Segment Start: Stored data

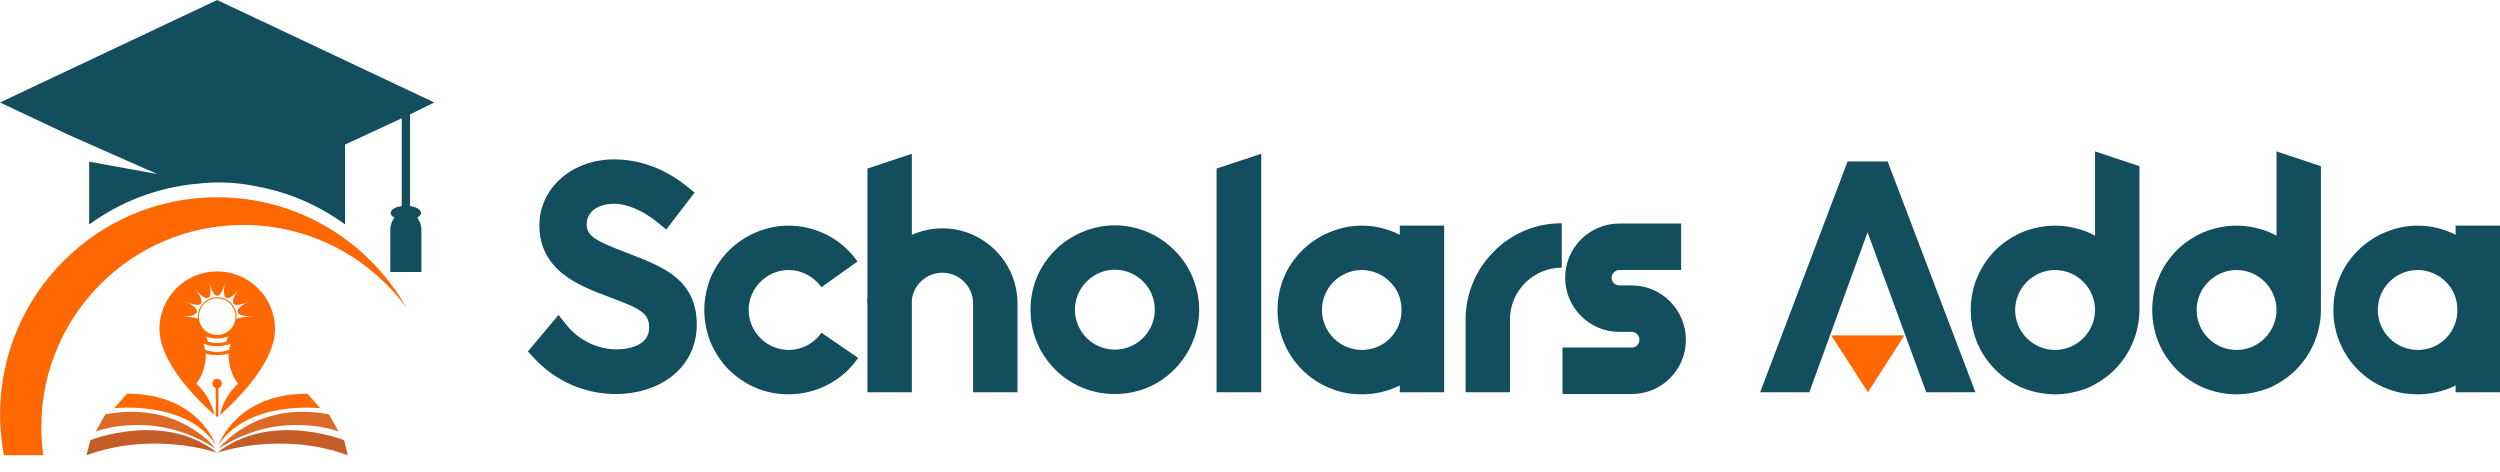 <svg width="143" height="27" viewBox="0 0 143 27" fill="none" xmlns="http://www.w3.org/2000/svg">
<path d="M30.554 20.488L30.196 20.105L31.945 18.014L32.396 18.581C32.75 19.024 33.212 19.388 33.73 19.631C34.217 19.862 34.744 19.982 35.251 19.982C35.851 19.982 36.362 19.85 36.69 19.611C36.986 19.396 37.131 19.108 37.131 18.73C37.131 18.317 37.004 18.061 36.68 17.819C36.308 17.541 35.705 17.315 35.006 17.051C34.947 17.029 34.886 17.005 34.824 16.981C33.863 16.625 32.942 16.257 32.202 15.668C31.772 15.326 31.454 14.949 31.229 14.516C30.978 14.035 30.851 13.488 30.851 12.891C30.851 11.85 31.301 10.887 32.117 10.179C32.909 9.494 33.974 9.116 35.116 9.116C36.592 9.116 38.033 9.648 39.28 10.651L39.73 11.015L38.107 13.128L37.633 12.739C36.798 12.049 35.881 11.655 35.116 11.655C34.405 11.655 33.572 11.963 33.559 12.832C33.554 13.219 33.74 13.431 34.022 13.629C34.427 13.913 35.07 14.159 35.75 14.419L35.757 14.421C35.864 14.463 35.97 14.506 36.077 14.546C37.04 14.924 37.951 15.279 38.641 15.848C39.457 16.522 39.855 17.409 39.855 18.562C39.855 19.186 39.721 19.767 39.457 20.288C39.208 20.776 38.853 21.2 38.396 21.551C37.563 22.187 36.441 22.539 35.234 22.539C33.45 22.539 31.788 21.812 30.552 20.489L30.554 20.488Z" fill="#124E5D"/>
<path d="M43.23 22.182C42.654 21.945 42.147 21.59 41.69 21.15C41.25 20.709 40.911 20.184 40.657 19.609C40.42 19.017 40.285 18.391 40.285 17.731C40.285 17.07 40.42 16.462 40.657 15.852C40.911 15.293 41.25 14.769 41.69 14.329C42.147 13.889 42.655 13.533 43.23 13.296C43.823 13.042 44.465 12.906 45.109 12.906C45.888 12.906 46.683 13.11 47.36 13.465C48.037 13.821 48.612 14.346 49.053 14.955L46.988 16.427C46.547 15.817 45.854 15.445 45.109 15.445C43.857 15.445 42.824 16.478 42.824 17.73C42.824 18.982 43.857 20.015 45.109 20.015C45.871 20.015 46.564 19.643 46.988 19.033L49.087 20.472C48.189 21.775 46.7 22.554 45.109 22.554C44.465 22.554 43.823 22.435 43.23 22.181V22.182Z" fill="#124E5D"/>
<path d="M58.2 17.36V22.438H55.661V17.36C55.661 16.395 54.882 15.6 53.901 15.6C53.02 15.6 52.276 16.26 52.158 17.123V22.438H49.618V17.36H49.602C49.602 17.241 49.602 17.106 49.618 16.987V9.642L52.158 8.795V13.433C52.7 13.196 53.291 13.061 53.901 13.061C55.052 13.061 56.135 13.518 56.948 14.33C57.761 15.143 58.2 16.226 58.2 17.36Z" fill="#124E5D"/>
<path d="M61.891 22.165C61.315 21.928 60.791 21.572 60.351 21.132C59.911 20.692 59.555 20.167 59.319 19.592C59.065 18.999 58.946 18.373 58.946 17.713C58.946 17.053 59.065 16.444 59.319 15.834C59.556 15.275 59.911 14.751 60.352 14.311C60.792 13.871 61.316 13.515 61.892 13.278C62.484 13.024 63.11 12.889 63.77 12.889C64.431 12.889 65.04 13.024 65.649 13.278C66.208 13.515 66.732 13.871 67.172 14.311C67.613 14.751 67.968 15.259 68.204 15.834C68.459 16.444 68.594 17.07 68.594 17.713C68.594 18.356 68.459 18.999 68.204 19.592C67.968 20.167 67.612 20.692 67.172 21.132C66.731 21.572 66.224 21.928 65.648 22.165C65.039 22.419 64.413 22.537 63.77 22.537C63.126 22.537 62.484 22.419 61.891 22.165ZM63.77 19.998C65.022 19.998 66.055 18.982 66.055 17.713C66.055 16.444 65.022 15.428 63.77 15.428C62.517 15.428 61.485 16.461 61.485 17.713C61.485 18.965 62.5 19.998 63.77 19.998Z" fill="#124E5D"/>
<path d="M72.143 8.795V22.438H69.587V9.642L72.143 8.795Z" fill="#124E5D"/>
<path d="M82.606 22.436H80.067V22.047C79.406 22.386 78.645 22.555 77.9 22.555C77.24 22.555 76.614 22.436 76.021 22.182C75.445 21.945 74.921 21.59 74.481 21.15C74.041 20.709 73.685 20.184 73.448 19.609C73.194 19.017 73.076 18.391 73.076 17.731C73.076 17.07 73.194 16.462 73.448 15.852C73.685 15.276 74.041 14.769 74.481 14.329C74.921 13.889 75.446 13.533 76.021 13.296C76.614 13.042 77.24 12.906 77.9 12.906C78.662 12.906 79.406 13.093 80.067 13.431V12.906H82.606V22.436ZM77.9 20.016C78.306 20.016 78.696 19.914 79.051 19.711C79.389 19.508 79.677 19.22 79.864 18.881C80.067 18.543 80.168 18.136 80.168 17.748C80.168 17.392 80.1 17.07 79.965 16.766C79.779 16.376 79.491 16.055 79.135 15.817C78.763 15.581 78.34 15.445 77.9 15.445C76.631 15.445 75.615 16.478 75.615 17.73C75.615 18.982 76.631 20.015 77.9 20.015V20.016Z" fill="#124E5D"/>
<path d="M84.272 16.123C84.543 15.479 84.95 14.887 85.457 14.38C85.948 13.871 86.54 13.482 87.2 13.195C87.877 12.907 88.588 12.771 89.333 12.771V15.311C87.708 15.311 86.371 16.631 86.371 18.273V22.437H83.832V18.273C83.832 17.528 83.984 16.801 84.272 16.123L84.272 16.123Z" fill="#124E5D"/>
<path d="M89.375 19.88H93.336C93.59 19.88 93.776 19.677 93.776 19.44C93.776 19.186 93.573 18.983 93.336 18.983H92.625C90.915 18.983 89.527 17.595 89.527 15.885C89.527 14.175 90.915 12.787 92.625 12.787H96.162V15.444H92.625C92.388 15.444 92.184 15.648 92.184 15.885C92.184 16.139 92.388 16.325 92.625 16.325H93.336C95.045 16.325 96.433 17.73 96.433 19.44C96.433 21.15 95.046 22.538 93.336 22.538H89.375V19.88Z" fill="#124E5D"/>
<path d="M107.973 9.234H105.683L100.681 22.437H103.494L106.824 13.284L110.182 22.437H112.995L107.973 9.234Z" fill="#124E5D"/>
<path d="M106.847 22.437L104.746 19.183H108.93L106.847 22.437Z" fill="#FF6700"/>
<path d="M112.728 17.732C112.728 17.088 112.847 16.445 113.101 15.853C113.338 15.277 113.693 14.77 114.133 14.312C114.574 13.872 115.098 13.534 115.673 13.28C116.266 13.043 116.892 12.907 117.552 12.907C118.213 12.907 118.822 13.043 119.431 13.28L119.837 13.483V8.659L122.376 9.505V17.732C122.376 18.375 122.241 19.018 121.987 19.61C121.75 20.186 121.395 20.693 120.954 21.15C120.514 21.59 119.989 21.929 119.431 22.183C118.822 22.42 118.196 22.556 117.552 22.556C116.909 22.556 116.266 22.42 115.673 22.183C115.098 21.929 114.574 21.59 114.133 21.15C113.693 20.693 113.338 20.185 113.101 19.61C112.847 19.018 112.728 18.375 112.728 17.732ZM117.552 20.017C118.805 20.017 119.837 18.984 119.837 17.732C119.837 16.479 118.805 15.446 117.552 15.446C116.3 15.446 115.267 16.479 115.267 17.732C115.267 18.984 116.283 20.017 117.552 20.017Z" fill="#124E5D"/>
<path d="M123.108 17.732C123.108 17.088 123.227 16.445 123.48 15.853C123.718 15.277 124.073 14.77 124.513 14.312C124.954 13.872 125.478 13.534 126.053 13.28C126.646 13.043 127.272 12.907 127.932 12.907C128.593 12.907 129.201 13.043 129.811 13.28L130.217 13.483V8.659L132.756 9.505V17.732C132.756 18.375 132.621 19.018 132.367 19.61C132.13 20.186 131.774 20.693 131.334 21.15C130.894 21.59 130.369 21.929 129.811 22.183C129.201 22.42 128.576 22.556 127.932 22.556C127.289 22.556 126.646 22.42 126.053 22.183C125.478 21.929 124.954 21.59 124.513 21.15C124.073 20.693 123.718 20.185 123.48 19.61C123.227 19.018 123.108 18.375 123.108 17.732ZM127.932 20.017C129.185 20.017 130.217 18.984 130.217 17.732C130.217 16.479 129.185 15.446 127.932 15.446C126.68 15.446 125.647 16.479 125.647 17.732C125.647 18.984 126.663 20.017 127.932 20.017Z" fill="#124E5D"/>
<path d="M143 22.436H140.461V22.047C139.801 22.386 139.039 22.555 138.294 22.555C137.634 22.555 137.008 22.436 136.416 22.182C135.84 21.945 135.316 21.59 134.875 21.15C134.435 20.709 134.08 20.184 133.843 19.609C133.589 19.017 133.47 18.391 133.47 17.731C133.47 17.07 133.589 16.462 133.843 15.852C134.08 15.276 134.435 14.769 134.875 14.329C135.316 13.889 135.841 13.533 136.416 13.296C137.008 13.042 137.634 12.906 138.294 12.906C139.056 12.906 139.801 13.093 140.461 13.431V12.906H143V22.436ZM138.294 20.016C138.701 20.016 139.09 19.914 139.445 19.711C139.784 19.508 140.072 19.22 140.258 18.881C140.461 18.543 140.563 18.136 140.563 17.748C140.563 17.392 140.495 17.07 140.359 16.766C140.173 16.376 139.885 16.055 139.53 15.817C139.157 15.581 138.734 15.445 138.294 15.445C137.025 15.445 136.009 16.478 136.009 17.73C136.009 18.982 137.025 20.015 138.294 20.015V20.016Z" fill="#124E5D"/>
<path d="M19.679 25.176C19.679 25.176 15.468 23.494 12.423 25.899C12.423 25.899 15.996 24.63 19.898 26.036L19.679 25.176Z" fill="#C55D28"/>
<path d="M19.37 24.684L18.822 23.704C14.612 22.893 12.521 25.655 12.521 25.655C16.034 23.37 19.37 24.684 19.37 24.684Z" fill="#DC6A26"/>
<path d="M18.317 23.351L17.584 22.52C13.493 22.52 12.521 25.428 12.521 25.428C14.211 22.874 18.318 23.351 18.318 23.351H18.317Z" fill="#FF6700"/>
<path d="M5.167 25.176L4.948 26.036C8.849 24.63 12.423 25.899 12.423 25.899C9.379 23.494 5.167 25.176 5.167 25.176Z" fill="#C55D28"/>
<path d="M12.327 25.655C12.327 25.655 10.236 22.892 6.025 23.704L5.478 24.684C5.478 24.684 8.814 23.371 12.327 25.655Z" fill="#DC6A26"/>
<path d="M12.326 25.428C12.326 25.428 11.354 22.52 7.264 22.52L6.531 23.351C6.531 23.351 10.638 22.874 12.328 25.428H12.326Z" fill="#FF6700"/>
<path d="M12.692 21.939C12.692 21.787 12.571 21.666 12.419 21.666C12.268 21.666 12.146 21.788 12.146 21.939C12.146 22.063 12.23 22.168 12.344 22.201V23.792L12.419 23.855L12.494 23.794V22.201C12.609 22.168 12.691 22.063 12.691 21.939H12.692ZM14.966 16.722C14.9 16.642 14.829 16.565 14.757 16.492C14.7 16.436 14.64 16.38 14.578 16.328C13.979 15.811 13.214 15.526 12.422 15.526C12.387 15.526 12.352 15.526 12.318 15.527C11.768 15.545 11.227 15.7 10.754 15.977C10.512 16.119 10.288 16.292 10.088 16.492C10.015 16.565 9.944 16.642 9.879 16.722C9.39 17.313 9.121 18.06 9.121 18.828C9.121 19.238 9.222 19.685 9.423 20.157C9.673 20.749 10.079 21.388 10.631 22.057C10.685 22.122 10.741 22.189 10.797 22.255C11.007 22.498 11.234 22.744 11.47 22.985C11.877 23.396 12.173 23.648 12.187 23.659L12.267 23.727C12.106 23.032 11.737 22.416 11.229 21.949C11.568 21.492 11.769 20.926 11.769 20.312C11.769 20.284 11.769 20.256 11.769 20.227C11.977 20.283 12.196 20.312 12.422 20.312C12.648 20.312 12.867 20.283 13.075 20.227C13.075 20.256 13.075 20.284 13.075 20.312C13.075 20.926 13.276 21.492 13.616 21.949C13.106 22.417 12.736 23.035 12.576 23.732L12.661 23.662L12.676 23.65C12.773 23.566 13.29 23.113 13.872 22.463C13.94 22.389 13.999 22.32 14.055 22.255C14.112 22.189 14.167 22.122 14.221 22.057C14.773 21.388 15.18 20.749 15.43 20.157C15.63 19.685 15.731 19.238 15.731 18.828C15.731 18.06 15.462 17.313 14.973 16.722H14.966ZM13.107 20.014C12.892 20.089 12.66 20.13 12.419 20.13C12.179 20.13 11.946 20.089 11.731 20.014C11.708 19.889 11.676 19.769 11.635 19.651C11.877 19.75 12.142 19.804 12.421 19.804C12.699 19.804 12.963 19.75 13.206 19.651C13.164 19.768 13.132 19.889 13.11 20.014H13.107ZM11.802 19.246C11.992 19.323 12.2 19.366 12.419 19.366C12.638 19.366 12.846 19.323 13.037 19.246C13.005 19.338 12.979 19.432 12.961 19.531C12.791 19.591 12.61 19.623 12.419 19.623C12.229 19.623 12.048 19.591 11.877 19.531C11.86 19.434 11.834 19.338 11.802 19.246ZM12.424 19.163C11.845 19.163 11.374 18.694 11.374 18.114C11.374 17.535 11.844 17.066 12.424 17.066C13.003 17.066 13.472 17.535 13.472 18.114C13.472 18.694 13.003 19.163 12.424 19.163ZM13.526 18.237C13.532 18.196 13.533 18.152 13.533 18.11C13.533 17.498 13.037 17.002 12.425 17.002C11.812 17.002 11.316 17.498 11.316 18.11C11.316 18.154 11.319 18.196 11.323 18.237C11.18 18.156 10.73 18.11 10.34 18.11C11.488 18.11 11.581 17.703 10.547 17.206C11.581 17.705 11.841 17.378 11.126 16.482C11.841 17.379 12.217 17.198 11.961 16.079C12.217 17.198 12.633 17.198 12.888 16.079C12.633 17.198 13.009 17.379 13.724 16.482C13.009 17.379 13.268 17.705 14.302 17.206C13.268 17.705 13.36 18.11 14.509 18.11C14.12 18.11 13.67 18.158 13.526 18.237Z" fill="#FF6700"/>
<path fill-rule="evenodd" clip-rule="evenodd" d="M24.084 12.18C24.084 11.992 23.816 11.834 23.45 11.786V6.544L24.839 5.861L18.63 2.931L12.42 0L6.21 2.931L0 5.861L3.943 7.723L8.994 9.954L5.101 9.25V12.843C6.89 11.536 9.039 10.695 11.373 10.5C11.625 10.472 11.878 10.453 12.134 10.444C12.266 10.438 12.397 10.434 12.528 10.434C12.65 10.434 12.773 10.437 12.896 10.442C13.5 10.464 14.092 10.537 14.665 10.658C16.536 10.999 18.259 11.759 19.737 12.836V8.269L22.98 6.765V11.786C22.614 11.834 22.346 11.992 22.346 12.18C22.346 12.285 22.428 12.381 22.565 12.452C22.416 12.635 22.324 12.881 22.324 13.148V15.558H22.462H24.104V13.148C24.104 12.879 24.012 12.635 23.863 12.452C24 12.379 24.082 12.285 24.082 12.18H24.084Z" fill="#124E5D"/>
<path d="M12.425 11.283C5.565 11.283 0.004 16.844 0.004 23.704C0.004 24.502 0.08 25.28 0.223 26.036H2.476C2.402 25.509 2.364 24.969 2.364 24.422C2.364 18.04 7.537 12.867 13.919 12.867C17.745 12.867 21.138 14.729 23.242 17.594C21.109 13.827 17.064 11.283 12.425 11.283Z" fill="#FF6700"/>
</svg>

Segment End: Stored data

| Work to complete |
Copy the stretch of the records above that runs from the line with "22.165C61.315 21.928 60.791" through the line with "16.123C84.543 15.479 84.95". Both end lines belong in the copy, and nothing else does.

| Solution |
<path d="M61.891 22.165C61.315 21.928 60.791 21.572 60.351 21.132C59.911 20.692 59.555 20.167 59.319 19.592C59.065 18.999 58.946 18.373 58.946 17.713C58.946 17.053 59.065 16.444 59.319 15.834C59.556 15.275 59.911 14.751 60.352 14.311C60.792 13.871 61.316 13.515 61.892 13.278C62.484 13.024 63.11 12.889 63.77 12.889C64.431 12.889 65.04 13.024 65.649 13.278C66.208 13.515 66.732 13.871 67.172 14.311C67.613 14.751 67.968 15.259 68.204 15.834C68.459 16.444 68.594 17.07 68.594 17.713C68.594 18.356 68.459 18.999 68.204 19.592C67.968 20.167 67.612 20.692 67.172 21.132C66.731 21.572 66.224 21.928 65.648 22.165C65.039 22.419 64.413 22.537 63.77 22.537C63.126 22.537 62.484 22.419 61.891 22.165ZM63.77 19.998C65.022 19.998 66.055 18.982 66.055 17.713C66.055 16.444 65.022 15.428 63.77 15.428C62.517 15.428 61.485 16.461 61.485 17.713C61.485 18.965 62.5 19.998 63.77 19.998Z" fill="#124E5D"/>
<path d="M72.143 8.795V22.438H69.587V9.642L72.143 8.795Z" fill="#124E5D"/>
<path d="M82.606 22.436H80.067V22.047C79.406 22.386 78.645 22.555 77.9 22.555C77.24 22.555 76.614 22.436 76.021 22.182C75.445 21.945 74.921 21.59 74.481 21.15C74.041 20.709 73.685 20.184 73.448 19.609C73.194 19.017 73.076 18.391 73.076 17.731C73.076 17.07 73.194 16.462 73.448 15.852C73.685 15.276 74.041 14.769 74.481 14.329C74.921 13.889 75.446 13.533 76.021 13.296C76.614 13.042 77.24 12.906 77.9 12.906C78.662 12.906 79.406 13.093 80.067 13.431V12.906H82.606V22.436ZM77.9 20.016C78.306 20.016 78.696 19.914 79.051 19.711C79.389 19.508 79.677 19.22 79.864 18.881C80.067 18.543 80.168 18.136 80.168 17.748C80.168 17.392 80.1 17.07 79.965 16.766C79.779 16.376 79.491 16.055 79.135 15.817C78.763 15.581 78.34 15.445 77.9 15.445C76.631 15.445 75.615 16.478 75.615 17.73C75.615 18.982 76.631 20.015 77.9 20.015V20.016Z" fill="#124E5D"/>
<path d="M84.272 16.123C84.543 15.479 84.95 14.887 85.457 14.38C85.948 13.871 86.54 13.482 87.2 13.195C87.877 12.907 88.588 12.771 89.333 12.771V15.311C87.708 15.311 86.371 16.631 86.371 18.273V22.437H83.832V18.273C83.832 17.528 83.984 16.801 84.272 16.123L84.272 16.123Z" fill="#124E5D"/>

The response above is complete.